そう、今オレ達がいるのは皐月の言っていたカフェだった。
「わざわざオレを引っ張ってまで来るか……」
「いいよー、いいじゃんよー」
「とか何とか言いやがって、本当はオレの奢りを狙ってんだろっ!?オレの200円はやらないからなッッ!!」
「いや、いらないから……私もそこまで小さい女じゃないよっ」
「ほんと仲むつまじいねー……君たち」
日々日常的と化しているささやかな口論を間の当たりにした琴葉先輩は、何が面白いのか、笑顔を見せていた。

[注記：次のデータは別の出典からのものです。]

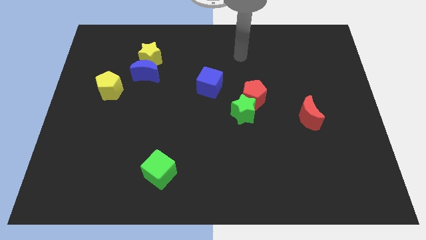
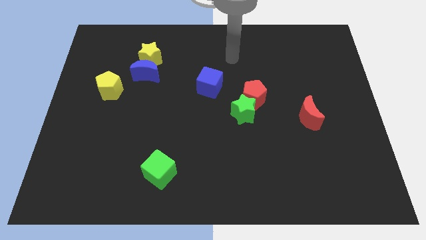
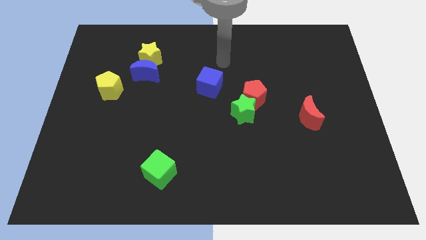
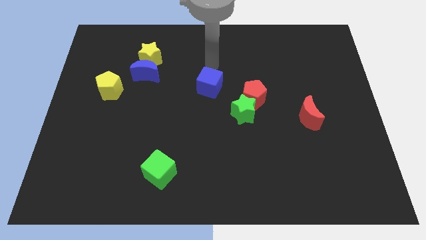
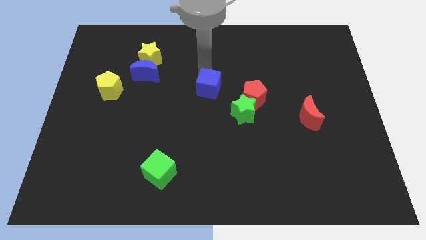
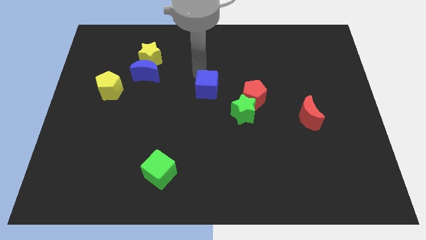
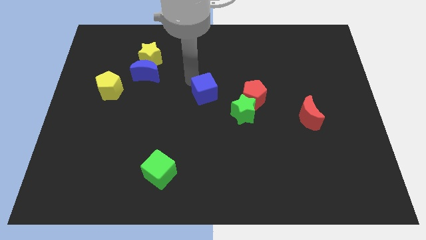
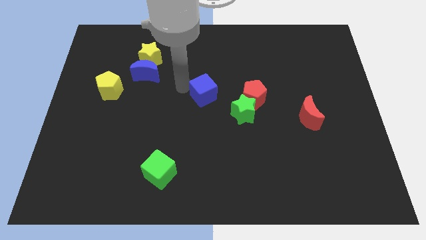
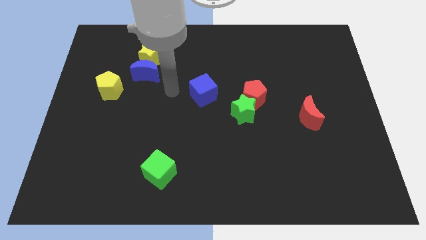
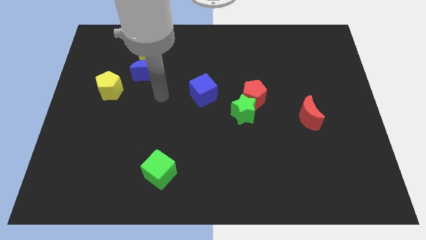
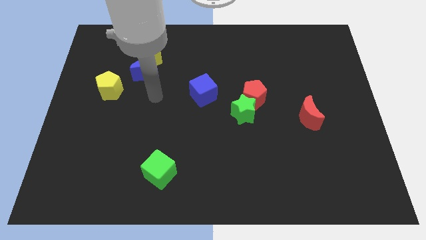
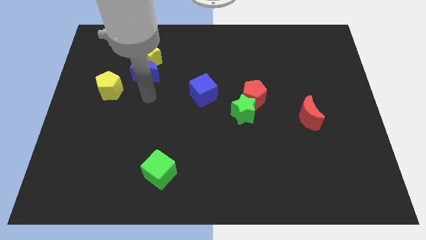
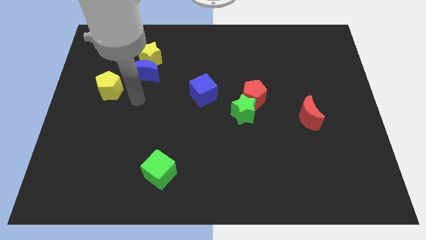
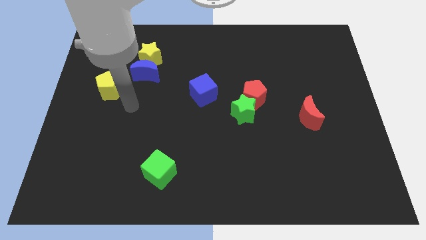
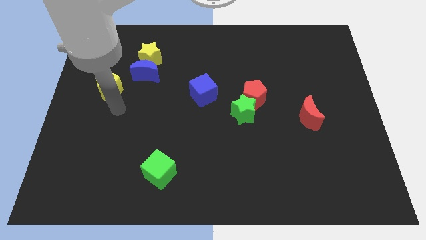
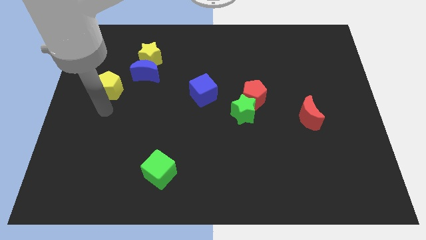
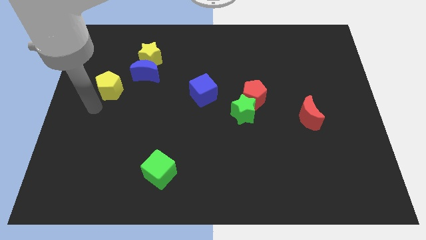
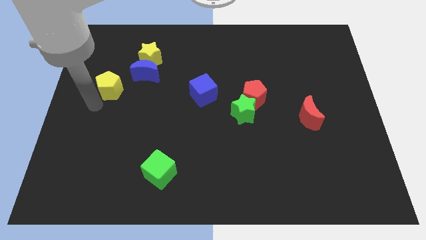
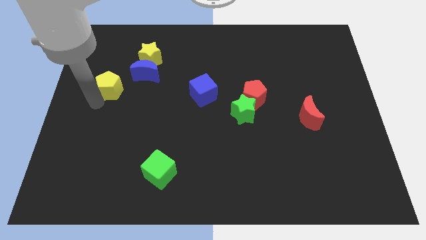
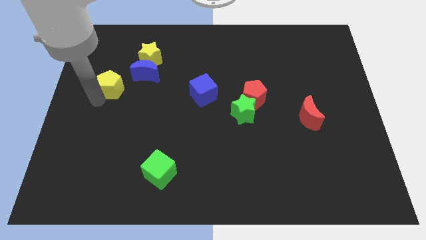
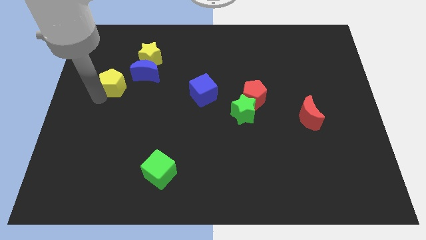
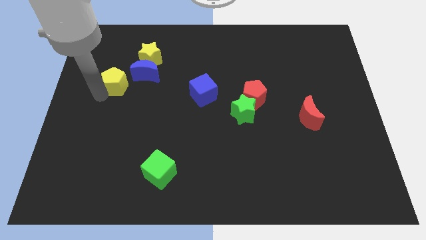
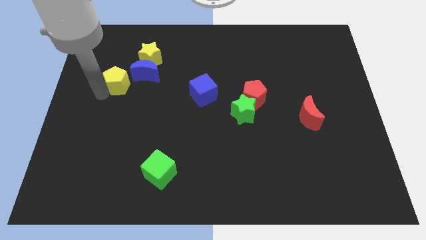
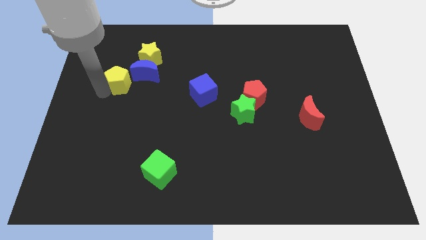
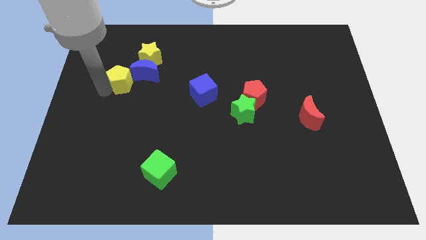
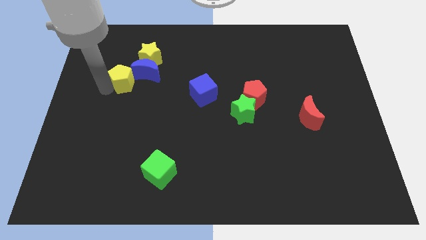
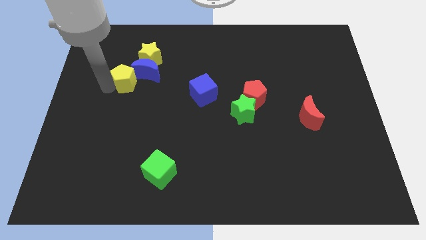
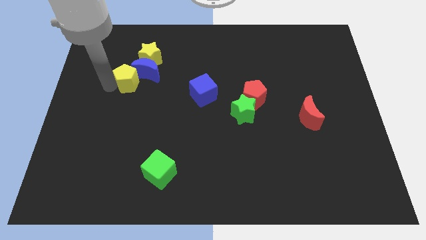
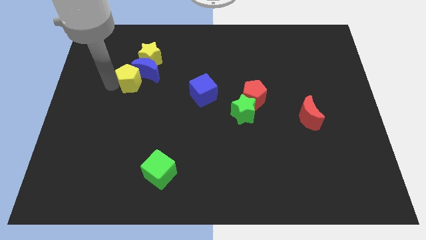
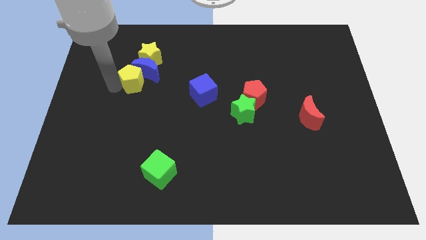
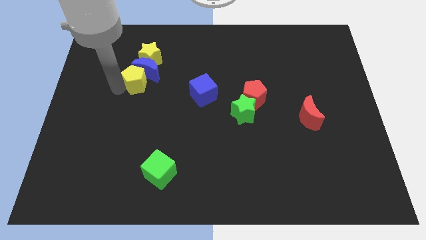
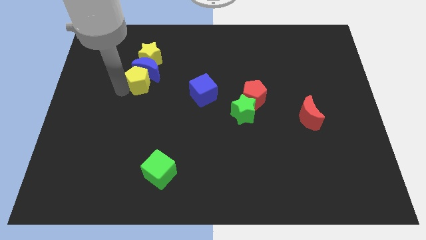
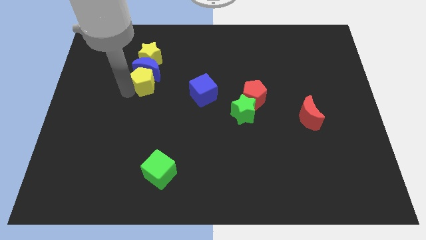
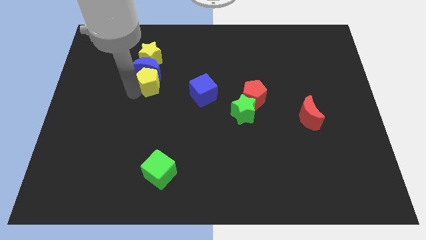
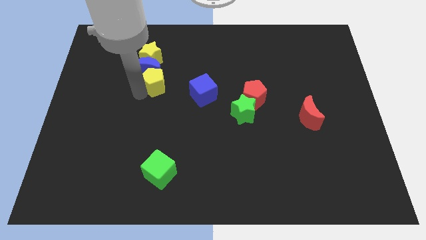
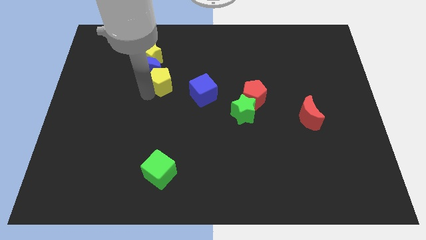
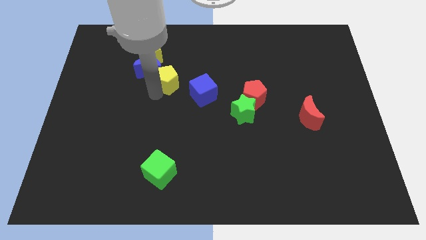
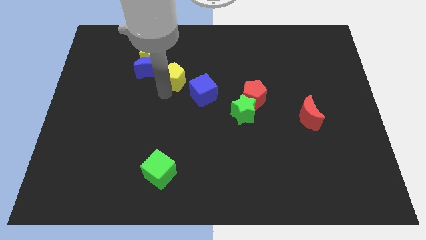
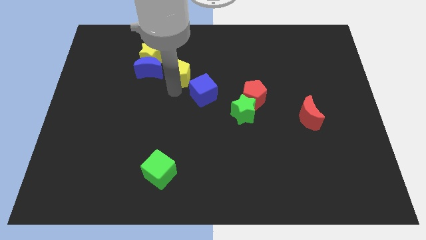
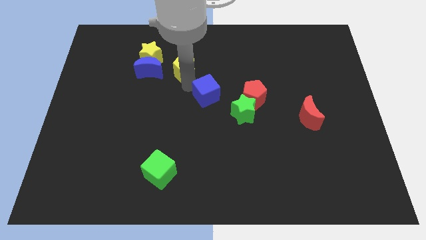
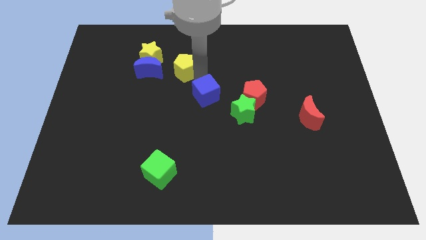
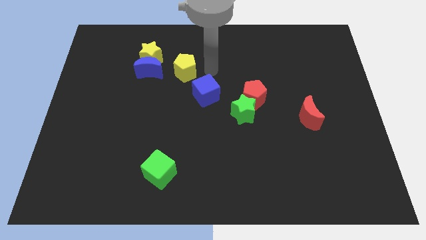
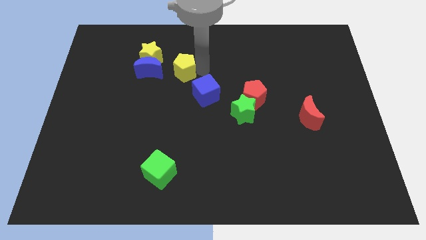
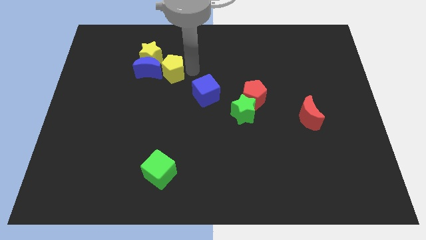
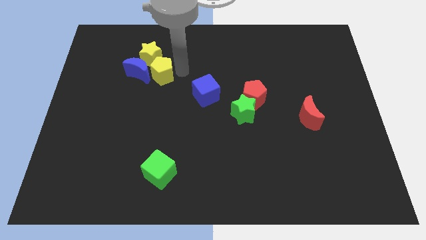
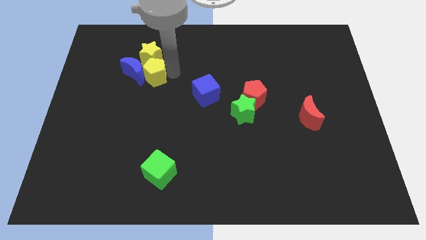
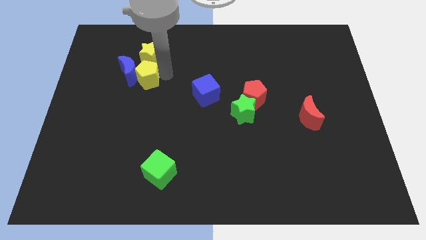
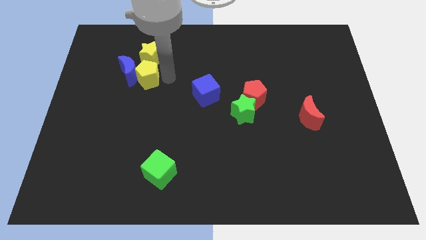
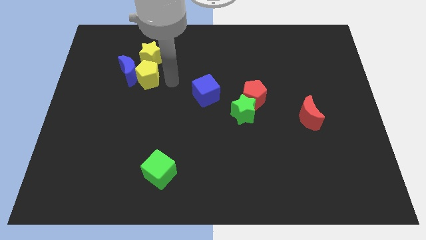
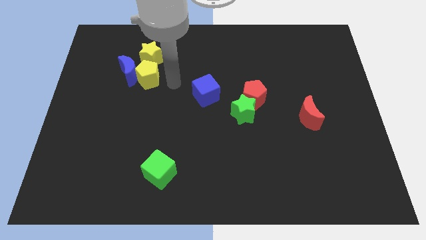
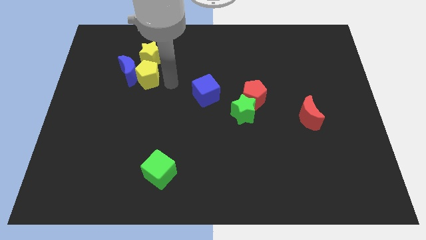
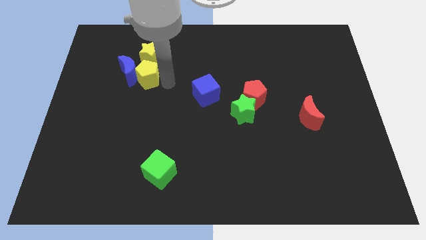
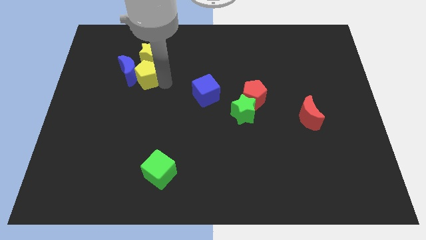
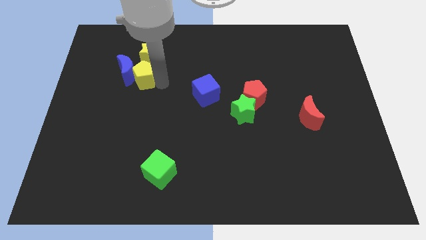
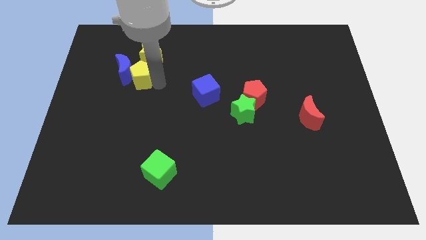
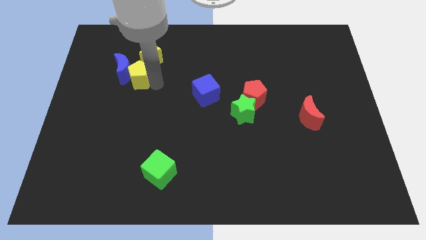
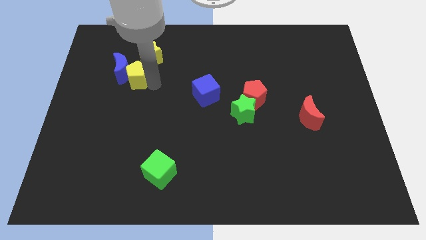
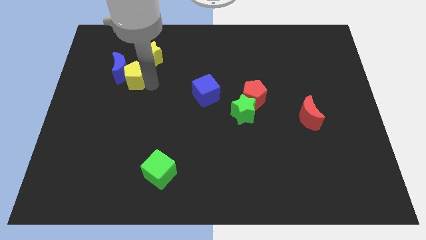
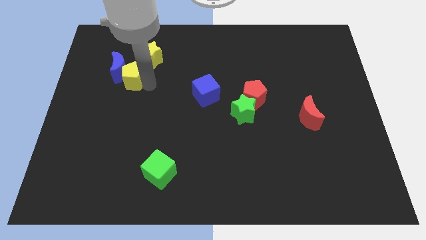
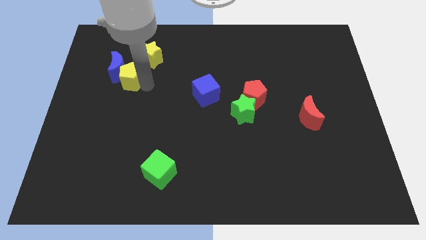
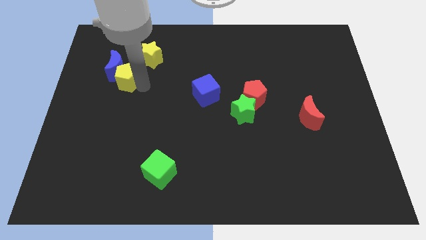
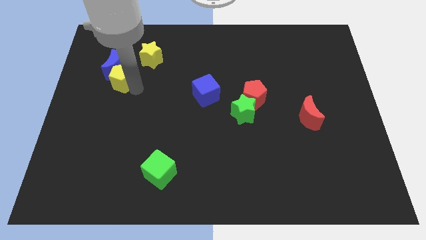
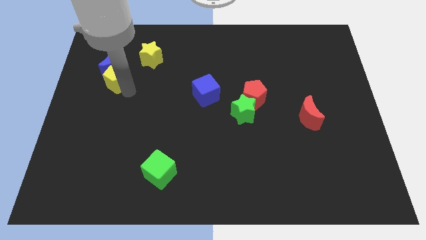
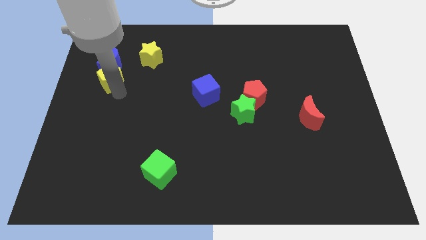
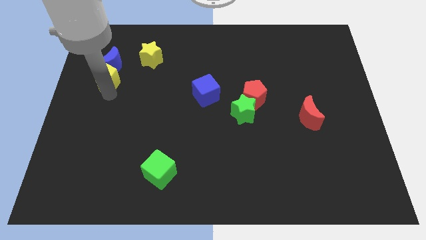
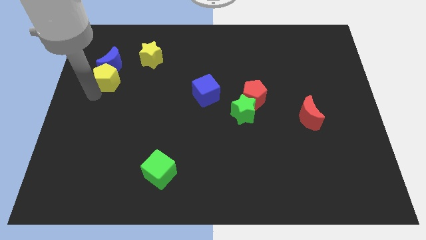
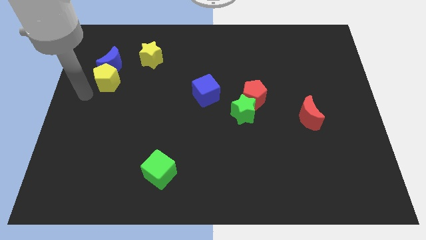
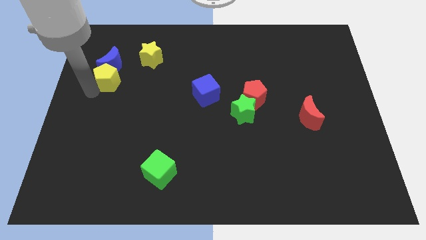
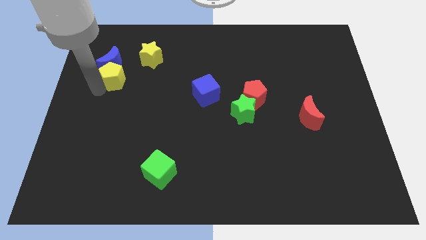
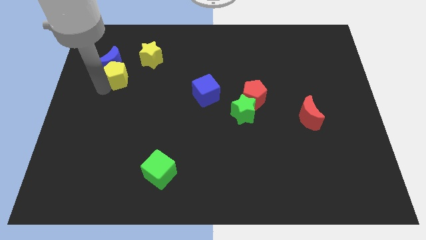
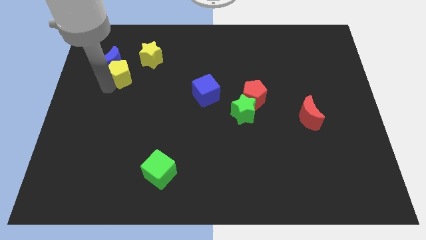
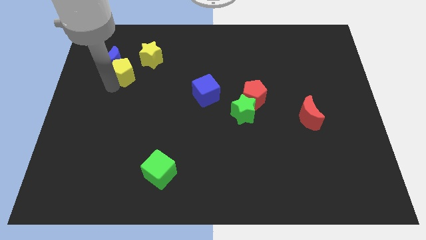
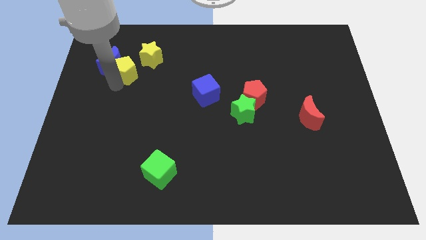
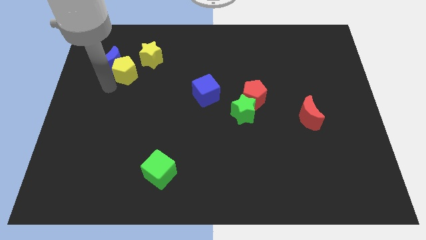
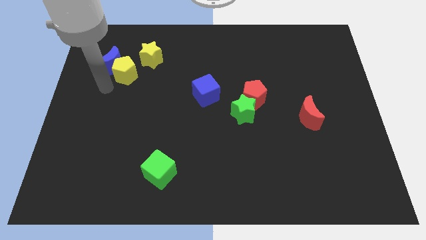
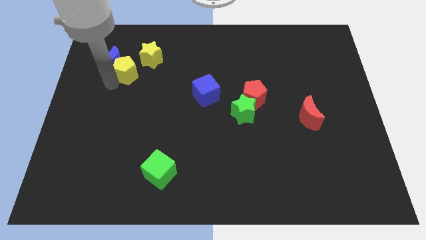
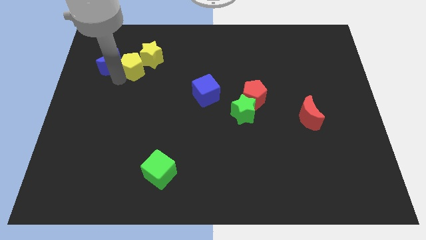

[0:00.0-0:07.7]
push the yellow pentagon to the yellow star

「あ、ところでさ良人君。何か流れで来ちゃったんだけど、私今財布持ってなかったんだよね」
「――結局奢れって事じゃねーかっっ!!」
「あ、何なに?奢ってくれるのかな?かな?」
「ここで断ったら何されるか分からんねーから仕方なくな、しーかーたーなーくっ」
「ふふん、キミとは仲良くなれそうだよ」
「勘弁してくれ……」
そこで折り良く、店員が四つのパフェをオレ達のいるテーブルに――
「何で一つ多いんだ?」
「あ、それ私の」
ひょいっと一つ余分に現れたパフェを、琴葉先輩が掴み取る。確か彼女が頼んだのは店で一番の評判だと噂のパフェで、確か値段が980円、だったな……それが二つだから――
「てめぇぇぇぇぇぇっっっ!!オレの財布を空にするつもりかぁぁぁぁぁっっ!!!!」
「えへへー。てへぺろー」
「可愛くない、可愛くないからとにかくそのスプーンを運ぶ手を止めろっ!!」
「まぁまぁ落ち着いて良人君。ほらあーん」
と、先輩は生クリームの乗ったスプーンをオレの口元に近づける。
――いや待て、このスプーンはさっきから先輩が使っていたもの。という事は……
「それって間接キ――」
反論しようとするも、オレの口はすぐさま塞がれてしまった。さっきから眼前にあったスプーンで、だ。
「良人ぉ……」
後ろから放たれる殺気とドスの聞いた声。声の主は、やはりなんというか、皐月だった。
「私の目の前で、何甘い雰囲気を繰り広げちゃってくれてるのかな……?」
「ちょっと待て、今のはオレに非は無いだろっ」
「問答無用。先輩、ちょっと良人をお借りしますね」
「ああ、どうぞどうぞ。良人君、死なないようにねっ」
パチッと先輩はウィンクを決め込む。これがアニメなら、確実に目の端から星が出ていただろう。
ちなみに、その後オレの姿を見たものは誰もいなかった。
いやあ、投稿がびっっっっっくりするくらい遅れました。
私も晴れて高校生になれましたよ。ええ。